Israeli Prime Minister Benjamin Netanyahu has indicated that Israel is open to a deal with Hamas that would involve “ending the fighting” in Gaza, while setting out clear conditions for such an agreement.
His office stated that the Israeli delegation in Qatar is exploring various options, including US special envoy Steve Witkoff’s proposal for a short-term ceasefire coupled with a partial prisoner exchange, as well as the possibility of concluding the conflict through a comprehensive agreement.
“Even at this very moment, the negotiation team in Doha is working to exhaust every possibility for a deal – whether according to the Witkoff framework or as part of ending the fighting, which would include the release of all the hostages, the exile of Hamas terrorists, and the disarmament of the Gaza Strip,” the statement said.
It further emphasised that any ceasefire arrangement must include the exile of Hamas from Gaza and the complete disarmament of the enclave.
Meanwhile Reuters reported, quoting senior official that there has been little progress in the talks so far.
While, Netanyahu detailed ‘end of war’, reports stated that all north Gaza hospitals were ‘out of service’ as fresh Israeli strikes kill at least 103.
Dozens of injured patients are flooding into hospitals across northern Gaza, but the situation is dire as all public hospitals in the region have now been declared “out of service.” Sakher Hamad, director of Kamal Adwan Hospital in northern Gaza, told Al Jazeera, “There is no coordination for evacuating the [Kamal Adwan] hospital, and what is happening is a risk.”

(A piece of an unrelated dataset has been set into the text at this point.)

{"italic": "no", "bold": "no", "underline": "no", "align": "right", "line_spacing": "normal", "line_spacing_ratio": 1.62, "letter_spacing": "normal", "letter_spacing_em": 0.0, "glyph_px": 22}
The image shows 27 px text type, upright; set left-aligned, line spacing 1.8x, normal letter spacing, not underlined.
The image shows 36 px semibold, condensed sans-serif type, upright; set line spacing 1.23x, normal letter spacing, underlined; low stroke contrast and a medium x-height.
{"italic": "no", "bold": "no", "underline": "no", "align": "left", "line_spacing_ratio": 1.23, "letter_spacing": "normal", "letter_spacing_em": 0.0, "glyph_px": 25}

The Health Ministry of Gaza announced that the Indonesian Hospital-the last remaining functional medical facility in the area-was recently raided by Israeli forces, rendering it non-operational.
The impounding of Gaza by Israel, erupted following Hamas’s cross-border attack in October 2023. A ceasefire that came into effect on 19 January this year was short-lived, ending in mid-March, although a separate ceasefire with Hezbollah in Lebanon has remained in place since late November.

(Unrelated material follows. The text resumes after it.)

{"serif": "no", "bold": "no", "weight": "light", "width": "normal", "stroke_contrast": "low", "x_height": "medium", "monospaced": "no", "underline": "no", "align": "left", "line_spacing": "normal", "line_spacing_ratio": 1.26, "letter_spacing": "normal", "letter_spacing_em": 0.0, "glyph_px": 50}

Israel’s economy experienced moderate growth in the first quarter of 2025, despite the ongoing conflict in Gaza with the Palestinian Islamist group Hamas continuing to weigh heavily on economic activity.
According to a preliminary estimate released by the Central Bureau of Statistics on Sunday, gross domestic product (GDP) expanded at an annualised rate of 3.4% between January and March, closely matching the 3.5% forecast from a Reuters poll. On a per capita basis, GDP rose by 2.2% during the same period.
Despite the challenges, the economy showed resilience, supported by an 8.7% increase in investment, particularly a 28% surge in residential construction.
However, private consumption fell by 5%, exports declined by 1.8%, and government spending edged down slightly by 0.2%. Excluding the public sector, GDP growth was even stronger, at an annualised 4.4%
Meanwhile, the main Tel Aviv share indices rose by 1% on Sunday, signalling cautious optimism among investors amid the ongoing geopolitical tensions.